I. The Supreme Court Reshapes the Regulatory Landscape: New Challenges and Strategies for Corporate Counsel
In June 2024, the U.S. Supreme Court issued three landmark decisions— Loper Bright Enterprises v. Raimondo, Corner Post, Inc. v. Board of Governors of the Federal Reserve System, and SEC v. Jarkesy— that may transform the regulatory environment for businesses. These decisions collectively redistribute authority between federal agencies and the judiciary, presenting both challenges and opportunities for businesses. This article examines what corporate counsel can expect from these rulings, framing regulatory compliance strategies moving forward.
A. Loper Bright Enterprises v.
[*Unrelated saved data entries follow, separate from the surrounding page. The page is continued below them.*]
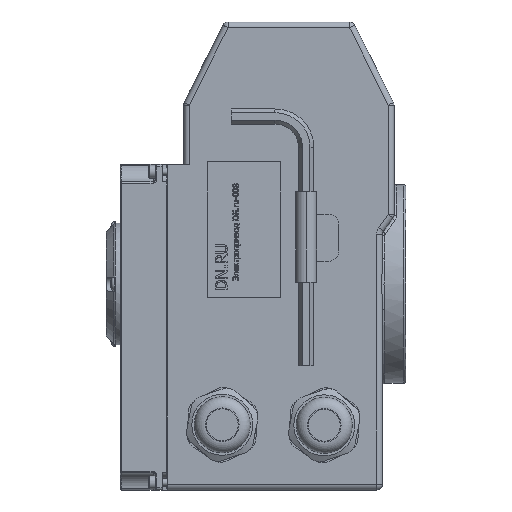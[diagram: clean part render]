
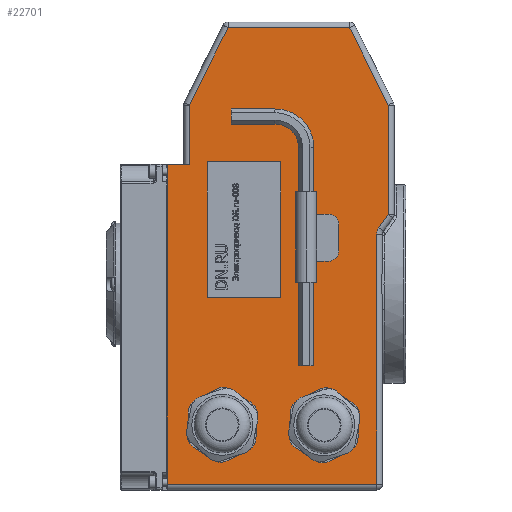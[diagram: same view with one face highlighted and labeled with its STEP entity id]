
A CAD part, left-side view. The second image highlights one B-rep face of the part: STEP entity #22701.
In plain terms, the highlighted planar face has unit normal (-1, 0, 0).
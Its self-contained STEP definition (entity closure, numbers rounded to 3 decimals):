
#1113=FACE_BOUND('',#3247,.T.);
#1256=PLANE('',#24391);
#1963=FACE_OUTER_BOUND('',#3246,.T.);
#3246=EDGE_LOOP('',(#15139,#15140,#15141,#15142,#15143,#15144,#15145,#15146,
#15147,#15148,#15149));
#3247=EDGE_LOOP('',(#15150,#15151,#15152,#15153));
#4732=LINE('',#32499,#6615);
#4762=LINE('',#32619,#6645);
#4765=LINE('',#32628,#6648);
#4766=LINE('',#32631,#6649);
#4767=LINE('',#32633,#6650);
#4768=LINE('',#32635,#6651);
#4769=LINE('',#32637,#6652);
#4770=LINE('',#32639,#6653);
#4771=LINE('',#32643,#6654);
#4772=LINE('',#32644,#6655);
#4773=LINE('',#32647,#6656);
#4774=LINE('',#32649,#6657);
#4775=LINE('',#32651,#6658);
#4776=LINE('',#32652,#6659);
#6615=VECTOR('',#26686,10.);
#6645=VECTOR('',#26808,10.);
#6648=VECTOR('',#26817,10.);
#6649=VECTOR('',#26820,10.);
#6650=VECTOR('',#26821,10.);
#6651=VECTOR('',#26822,10.);
#6652=VECTOR('',#26823,10.);
#6653=VECTOR('',#26824,10.);
#6654=VECTOR('',#26827,10.);
#6655=VECTOR('',#26828,10.);
#6656=VECTOR('',#26829,10.);
#6657=VECTOR('',#26830,10.);
#6658=VECTOR('',#26831,10.);
#6659=VECTOR('',#26832,10.);
#8480=CIRCLE('',#24392,5.);
#9362=VERTEX_POINT('',#32496);
#9363=VERTEX_POINT('',#32498);
#9407=VERTEX_POINT('',#32618);
#9410=VERTEX_POINT('',#32626);
#9411=VERTEX_POINT('',#32630);
#9412=VERTEX_POINT('',#32632);
#9413=VERTEX_POINT('',#32634);
#9414=VERTEX_POINT('',#32636);
#9415=VERTEX_POINT('',#32638);
#9416=VERTEX_POINT('',#32640);
#9417=VERTEX_POINT('',#32642);
#9418=VERTEX_POINT('',#32645);
#9419=VERTEX_POINT('',#32646);
#9420=VERTEX_POINT('',#32648);
#9421=VERTEX_POINT('',#32650);
#11591=EDGE_CURVE('',#9362,#9363,#4732,.T.);
#11649=EDGE_CURVE('',#9363,#9407,#4762,.T.);
#11654=EDGE_CURVE('',#9410,#9362,#4765,.T.);
#11655=EDGE_CURVE('',#9411,#9410,#4766,.T.);
#11656=EDGE_CURVE('',#9412,#9411,#4767,.T.);
#11657=EDGE_CURVE('',#9413,#9412,#4768,.T.);
#11658=EDGE_CURVE('',#9414,#9413,#4769,.T.);
#11659=EDGE_CURVE('',#9415,#9414,#4770,.T.);
#11660=EDGE_CURVE('',#9416,#9415,#8480,.T.);
#11661=EDGE_CURVE('',#9417,#9416,#4771,.T.);
#11662=EDGE_CURVE('',#9407,#9417,#4772,.T.);
#11663=EDGE_CURVE('',#9418,#9419,#4773,.T.);
#11664=EDGE_CURVE('',#9419,#9420,#4774,.T.);
#11665=EDGE_CURVE('',#9420,#9421,#4775,.T.);
#11666=EDGE_CURVE('',#9421,#9418,#4776,.T.);
#15139=ORIENTED_EDGE('',*,*,#11591,.F.);
#15140=ORIENTED_EDGE('',*,*,#11654,.F.);
#15141=ORIENTED_EDGE('',*,*,#11655,.F.);
#15142=ORIENTED_EDGE('',*,*,#11656,.F.);
#15143=ORIENTED_EDGE('',*,*,#11657,.F.);
#15144=ORIENTED_EDGE('',*,*,#11658,.F.);
#15145=ORIENTED_EDGE('',*,*,#11659,.F.);
#15146=ORIENTED_EDGE('',*,*,#11660,.F.);
#15147=ORIENTED_EDGE('',*,*,#11661,.F.);
#15148=ORIENTED_EDGE('',*,*,#11662,.F.);
#15149=ORIENTED_EDGE('',*,*,#11649,.F.);
#15150=ORIENTED_EDGE('',*,*,#11663,.T.);
#15151=ORIENTED_EDGE('',*,*,#11664,.T.);
#15152=ORIENTED_EDGE('',*,*,#11665,.T.);
#15153=ORIENTED_EDGE('',*,*,#11666,.T.);
#22701=ADVANCED_FACE('',(#1963,#1113),#1256,.F.);
#24391=AXIS2_PLACEMENT_3D('',#32629,#26818,#26819);
#24392=AXIS2_PLACEMENT_3D('',#32641,#26825,#26826);
#26686=DIRECTION('',(0.,-1.,0.));
#26808=DIRECTION('',(0.,-0.447,-0.894));
#26817=DIRECTION('',(0.,-0.447,0.894));
#26818=DIRECTION('center_axis',(1.,0.,0.));
#26819=DIRECTION('ref_axis',(0.,0.,-1.));
#26820=DIRECTION('',(0.,0.,1.));
#26821=DIRECTION('',(0.,-1.,0.));
#26822=DIRECTION('',(0.,0.,1.));
#26823=DIRECTION('',(0.,1.,0.));
#26824=DIRECTION('',(0.,0.,-1.));
#26825=DIRECTION('center_axis',(-1.,0.,0.));
#26826=DIRECTION('ref_axis',(0.,0.952,0.305));
#26827=DIRECTION('',(0.,0.582,-0.813));
#26828=DIRECTION('',(0.,0.,-1.));
#26829=DIRECTION('',(0.,1.,0.));
#26830=DIRECTION('',(0.,0.,1.));
#26831=DIRECTION('',(0.,-1.,0.));
#26832=DIRECTION('',(0.,0.,-1.));
#32496=CARTESIAN_POINT('',(0.,25.955,96.5));
#32498=CARTESIAN_POINT('',(0.,-25.955,96.5));
#32499=CARTESIAN_POINT('',(0.,15.,96.5));
#32618=CARTESIAN_POINT('',(0.,-42.5,63.41));
#32619=CARTESIAN_POINT('',(0.,-43.564,61.282));
#32626=CARTESIAN_POINT('',(0.,42.5,63.41));
#32628=CARTESIAN_POINT('',(0.,51.064,46.282));
#32629=CARTESIAN_POINT('Origin',(0.,0.,0.));
#32630=CARTESIAN_POINT('',(0.,42.5,38.126));
#32631=CARTESIAN_POINT('',(0.,42.5,8.));
#32632=CARTESIAN_POINT('',(0.,52.,38.126));
#32633=CARTESIAN_POINT('',(0.,45.,38.126));
#32634=CARTESIAN_POINT('',(0.,52.,-98.5));
#32635=CARTESIAN_POINT('',(0.,52.,-94.));
#32636=CARTESIAN_POINT('',(0.,-37.5,-98.5));
#32637=CARTESIAN_POINT('',(0.,-20.,-98.5));
#32638=CARTESIAN_POINT('',(0.,-37.5,8.207));
#32639=CARTESIAN_POINT('',(0.,-37.5,4.504));
#32640=CARTESIAN_POINT('',(0.,-38.433,11.115));
#32641=CARTESIAN_POINT('Origin',(0.,-42.5,8.207));
#32642=CARTESIAN_POINT('',(0.,-42.5,16.802));
#32643=CARTESIAN_POINT('',(0.,-31.567,1.515));
#32644=CARTESIAN_POINT('',(0.,-42.5,32.));
#32645=CARTESIAN_POINT('',(0.,3.522,-18.847));
#32646=CARTESIAN_POINT('',(0.,34.889,-18.847));
#32647=CARTESIAN_POINT('',(0.,17.444,-18.847));
#32648=CARTESIAN_POINT('',(0.,34.889,39.262));
#32649=CARTESIAN_POINT('',(0.,34.889,19.631));
#32650=CARTESIAN_POINT('',(0.,3.522,39.262));
#32651=CARTESIAN_POINT('',(0.,1.761,39.262));
#32652=CARTESIAN_POINT('',(0.,3.522,-9.423));
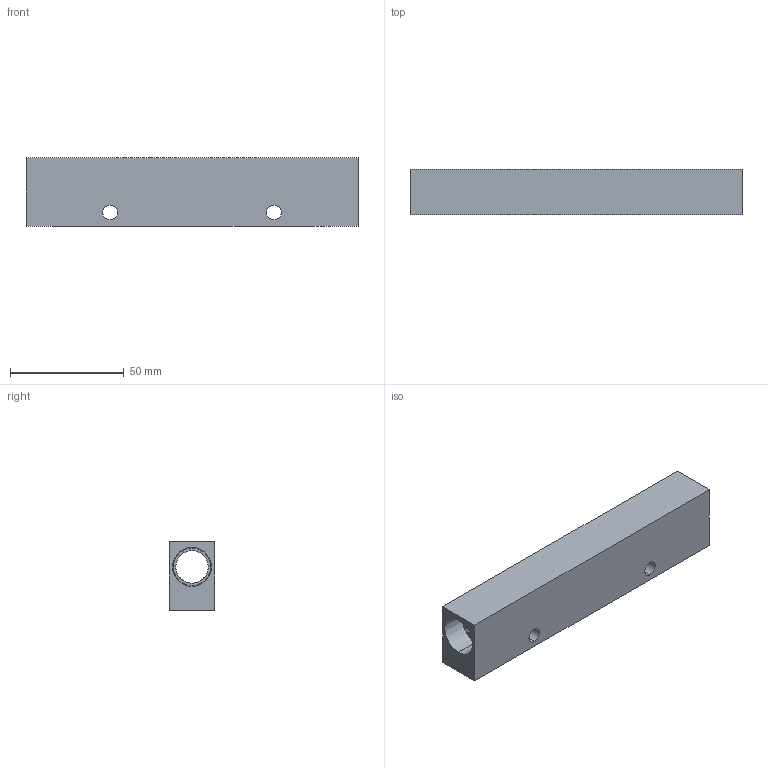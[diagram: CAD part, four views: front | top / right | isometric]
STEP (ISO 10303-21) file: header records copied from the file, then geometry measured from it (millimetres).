
FILE_DESCRIPTION(('STEP AP214'),'1');
FILE_NAME('3311_13_17_04.stp','2016-07-07T14:26:13',('TraceParts'),('TraceParts S.A.'),'Spatial InterOp 3D',' ',' ');
FILE_SCHEMA(('automotive_design'));
Length unit declared in the file: millimetre
Products named in the file (1): Diam_tre du per_age _6.5 (6.5)1
Bounding box: 146 x 20 x 30 mm (x, y, z)
Volume: 54986.9 mm3; surface area: 24102 mm2
Topology: 1 solids, 1 shells, 38 faces, 94 edges, 60 vertices
Faces by surface type: cylinder 14, cone 12, plane 12
Entity records: 1815 total; most frequent: CARTESIAN_POINT 529, DIRECTION 208, ORIENTED_EDGE 188, EDGE_CURVE 94, AXIS2_PLACEMENT_3D 83, VERTEX_POINT 60, EDGE_LOOP 54, CIRCLE 44

Raimondo: End of Chevron Deference
Loper Bright marks a pivotal shift in administrative law by overturning Chevron deference. Historically, under Chevron deference, courts deferred to agency interpretations of statutes that are “‘silent or ambiguous [as] to the specific issue’ at hand.” By overturning Chevron, the Supreme Court empowered federal courts to supply their own interpretation of otherwise ambiguous statutes. Loper Bright curtails the broad regulatory power of federal agencies to implement Congressional acts without requiring additional legislation. The breadth of the decision should not be overstated.
Loper Bright abolished Chevron deference while keeping other deference principles in place. First, Loper Bright only withdrew agency authority for actions predicated on statutory ambiguity or silence. It does not disrupt the validity of rules or regulations grounded in clear congressional mandates. Second, under Loper Bright, when an agency’s interpretation is at issue, courts must employ “traditional tools of statutory construction” to determine the “best reading of the statute.” This requirement does not compel courts to reject an agency’s interpretation. Rather, federal courts may uphold an agency’s interpretation if they conclude it is the most reasonable construction of the statute. Third, Loper Bright does not affect traditional judicial deference to agency fact-finding. Under the Administrative Procedure Act (APA), federal courts can only overturn findings of fact that are “unsupported by substantial evidence.” This deferential standard remains intact, since Loper Bright only applies to conclusions of law. Fourth, Loper Bright does not overturn prior cases relying on Chevron. Thus, plaintiffs cannot merely point to Loper Bright to challenge a regulation previously upheld under Chevron.
Corporate counsel should expect an uptick in litigation as businesses and other entities challenge objectionable federal regulations. This could result in increased judicial oversight, potentially leading to inconsistent compliance obligations across different jurisdictions. Overall, businesses will likely face greater uncertainty regarding agency rulemaking and enforcement, further complicating the legal landscape for regulated entities.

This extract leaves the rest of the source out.